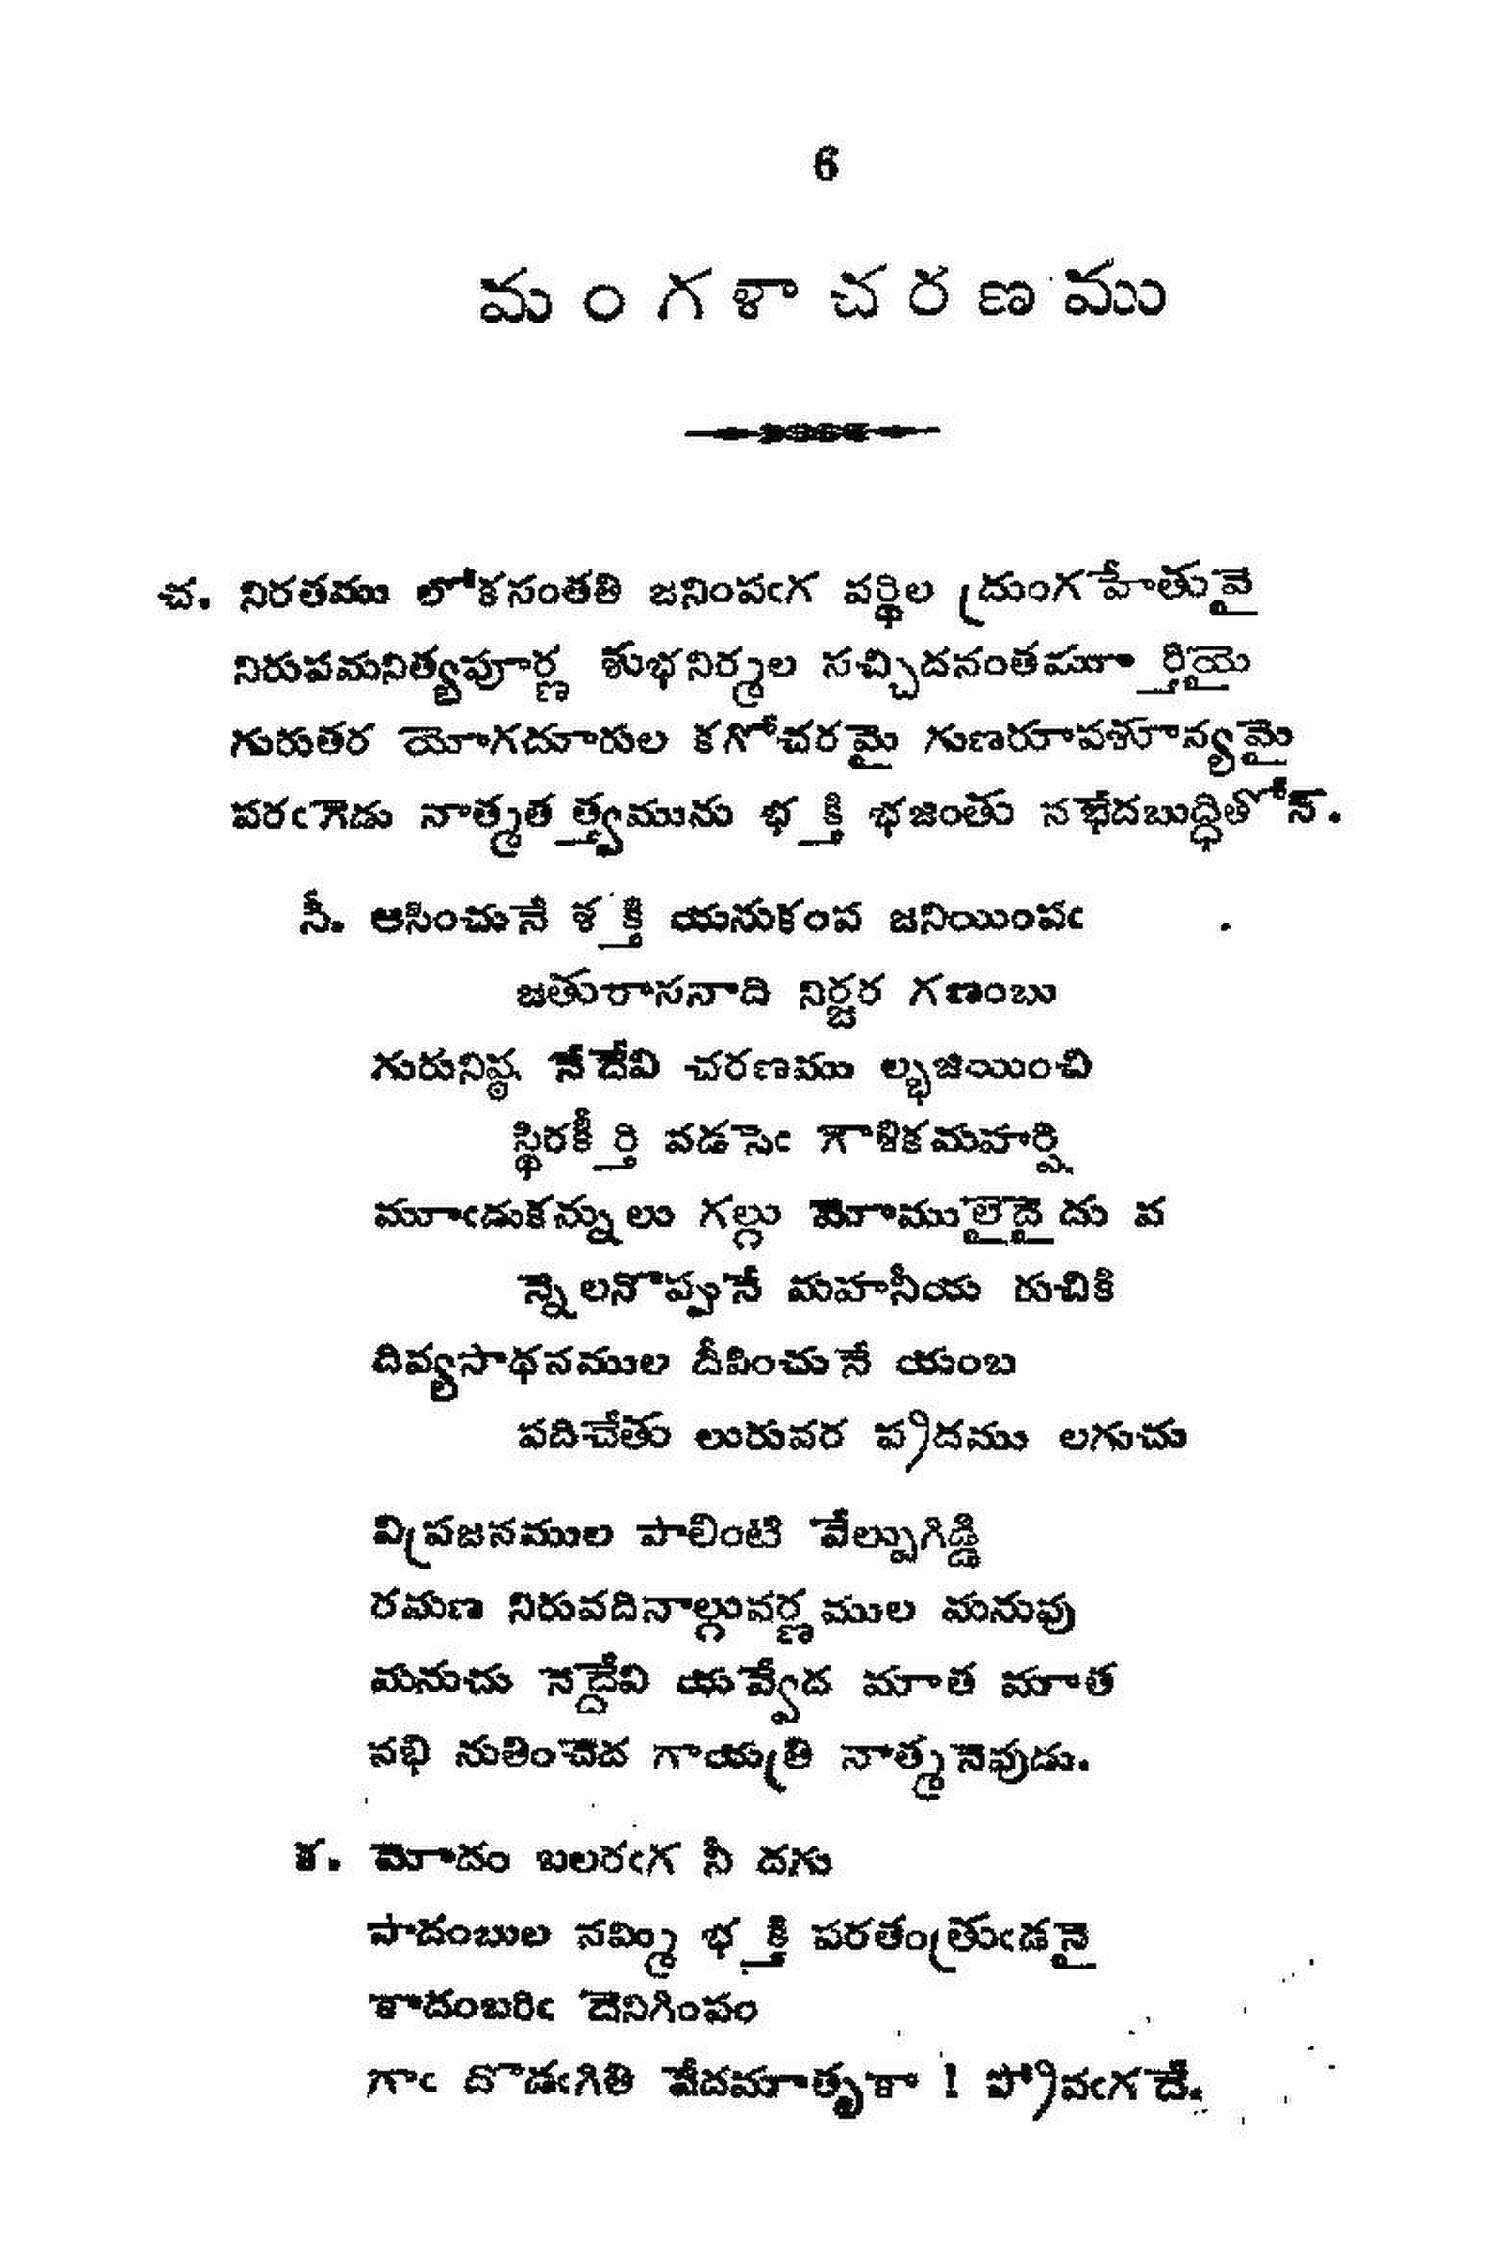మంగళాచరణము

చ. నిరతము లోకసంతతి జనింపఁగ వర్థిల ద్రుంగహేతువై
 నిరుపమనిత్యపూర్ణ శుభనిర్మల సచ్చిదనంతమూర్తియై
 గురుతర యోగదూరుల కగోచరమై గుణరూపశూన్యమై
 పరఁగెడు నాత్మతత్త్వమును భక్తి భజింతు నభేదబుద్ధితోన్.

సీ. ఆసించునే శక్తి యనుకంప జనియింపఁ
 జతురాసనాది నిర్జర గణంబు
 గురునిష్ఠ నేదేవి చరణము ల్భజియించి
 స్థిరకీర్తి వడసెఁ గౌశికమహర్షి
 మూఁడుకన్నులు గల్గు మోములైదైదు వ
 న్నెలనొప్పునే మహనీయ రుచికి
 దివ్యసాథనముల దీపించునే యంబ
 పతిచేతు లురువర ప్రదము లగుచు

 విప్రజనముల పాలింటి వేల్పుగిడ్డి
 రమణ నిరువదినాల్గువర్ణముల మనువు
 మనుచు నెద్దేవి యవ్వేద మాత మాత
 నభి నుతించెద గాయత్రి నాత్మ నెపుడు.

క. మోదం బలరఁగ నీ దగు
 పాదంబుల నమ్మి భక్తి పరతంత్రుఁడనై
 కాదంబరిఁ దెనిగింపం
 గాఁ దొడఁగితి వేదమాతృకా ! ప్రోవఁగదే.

________

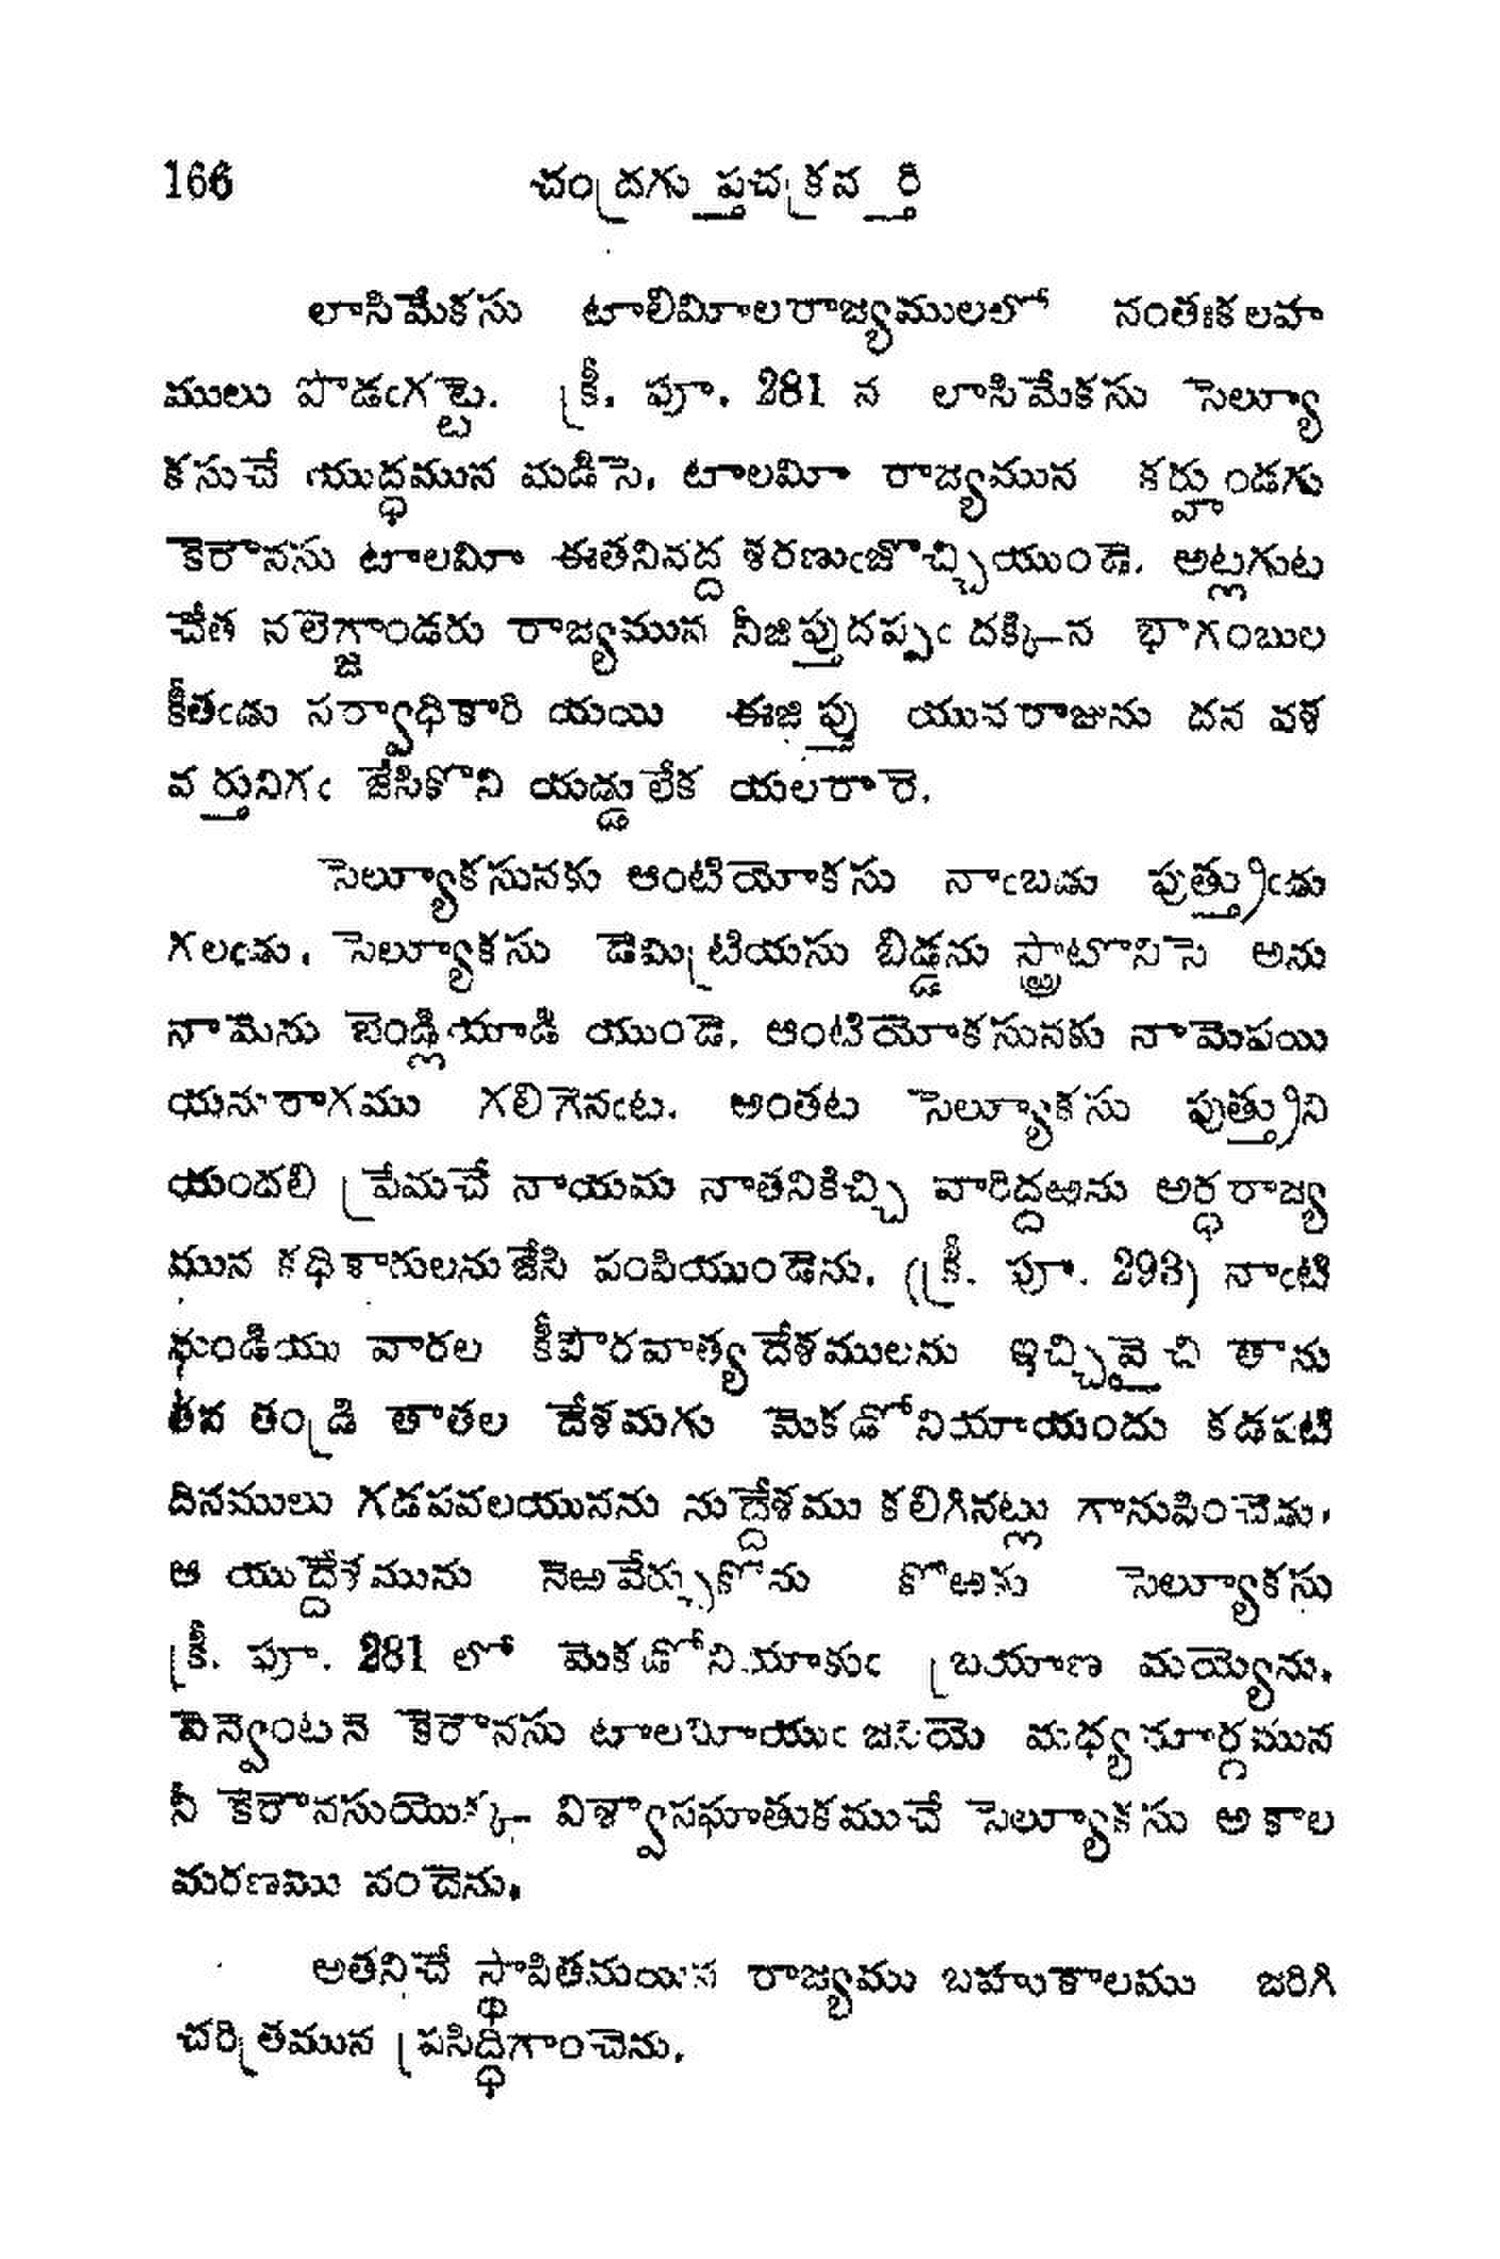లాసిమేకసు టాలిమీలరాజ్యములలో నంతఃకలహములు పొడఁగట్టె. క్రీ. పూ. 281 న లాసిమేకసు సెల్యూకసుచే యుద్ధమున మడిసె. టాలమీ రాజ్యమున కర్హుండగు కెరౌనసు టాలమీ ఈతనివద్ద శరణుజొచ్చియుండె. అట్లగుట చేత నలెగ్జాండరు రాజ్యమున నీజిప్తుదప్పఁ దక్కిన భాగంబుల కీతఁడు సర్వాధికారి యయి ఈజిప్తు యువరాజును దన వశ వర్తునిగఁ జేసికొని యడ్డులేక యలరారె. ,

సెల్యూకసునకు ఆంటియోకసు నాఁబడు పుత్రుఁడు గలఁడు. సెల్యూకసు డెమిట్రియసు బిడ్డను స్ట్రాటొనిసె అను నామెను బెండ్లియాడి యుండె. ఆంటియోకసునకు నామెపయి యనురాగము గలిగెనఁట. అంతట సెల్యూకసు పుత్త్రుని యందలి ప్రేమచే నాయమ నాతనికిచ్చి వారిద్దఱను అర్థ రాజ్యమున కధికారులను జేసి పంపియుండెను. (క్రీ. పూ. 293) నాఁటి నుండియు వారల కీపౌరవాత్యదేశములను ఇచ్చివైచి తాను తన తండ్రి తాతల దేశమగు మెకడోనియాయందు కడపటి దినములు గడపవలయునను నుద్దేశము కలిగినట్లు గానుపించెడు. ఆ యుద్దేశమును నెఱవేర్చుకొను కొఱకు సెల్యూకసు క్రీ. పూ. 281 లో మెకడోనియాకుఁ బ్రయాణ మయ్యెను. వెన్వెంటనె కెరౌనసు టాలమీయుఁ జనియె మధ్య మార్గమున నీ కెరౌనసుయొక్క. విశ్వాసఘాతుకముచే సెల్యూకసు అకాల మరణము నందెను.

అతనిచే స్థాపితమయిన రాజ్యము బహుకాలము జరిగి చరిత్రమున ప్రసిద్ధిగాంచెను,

________

*Requirement*
The lines above, starting at the one with "సీ. ఆసించునే శక్తి యనుకంప జనియింపఁ" and ending at the one with "కాదంబరిఁ దెనిగింపం", are the only ones to return, exactly as written.

*Worked solution*
సీ. ఆసించునే శక్తి యనుకంప జనియింపఁ
 జతురాసనాది నిర్జర గణంబు
 గురునిష్ఠ నేదేవి చరణము ల్భజియించి
 స్థిరకీర్తి వడసెఁ గౌశికమహర్షి
 మూఁడుకన్నులు గల్గు మోములైదైదు వ
 న్నెలనొప్పునే మహనీయ రుచికి
 దివ్యసాథనముల దీపించునే యంబ
 పతిచేతు లురువర ప్రదము లగుచు

 విప్రజనముల పాలింటి వేల్పుగిడ్డి
 రమణ నిరువదినాల్గువర్ణముల మనువు
 మనుచు నెద్దేవి యవ్వేద మాత మాత
 నభి నుతించెద గాయత్రి నాత్మ నెపుడు.

క. మోదం బలరఁగ నీ దగు
 పాదంబుల నమ్మి భక్తి పరతంత్రుఁడనై
 కాదంబరిఁ దెనిగింపం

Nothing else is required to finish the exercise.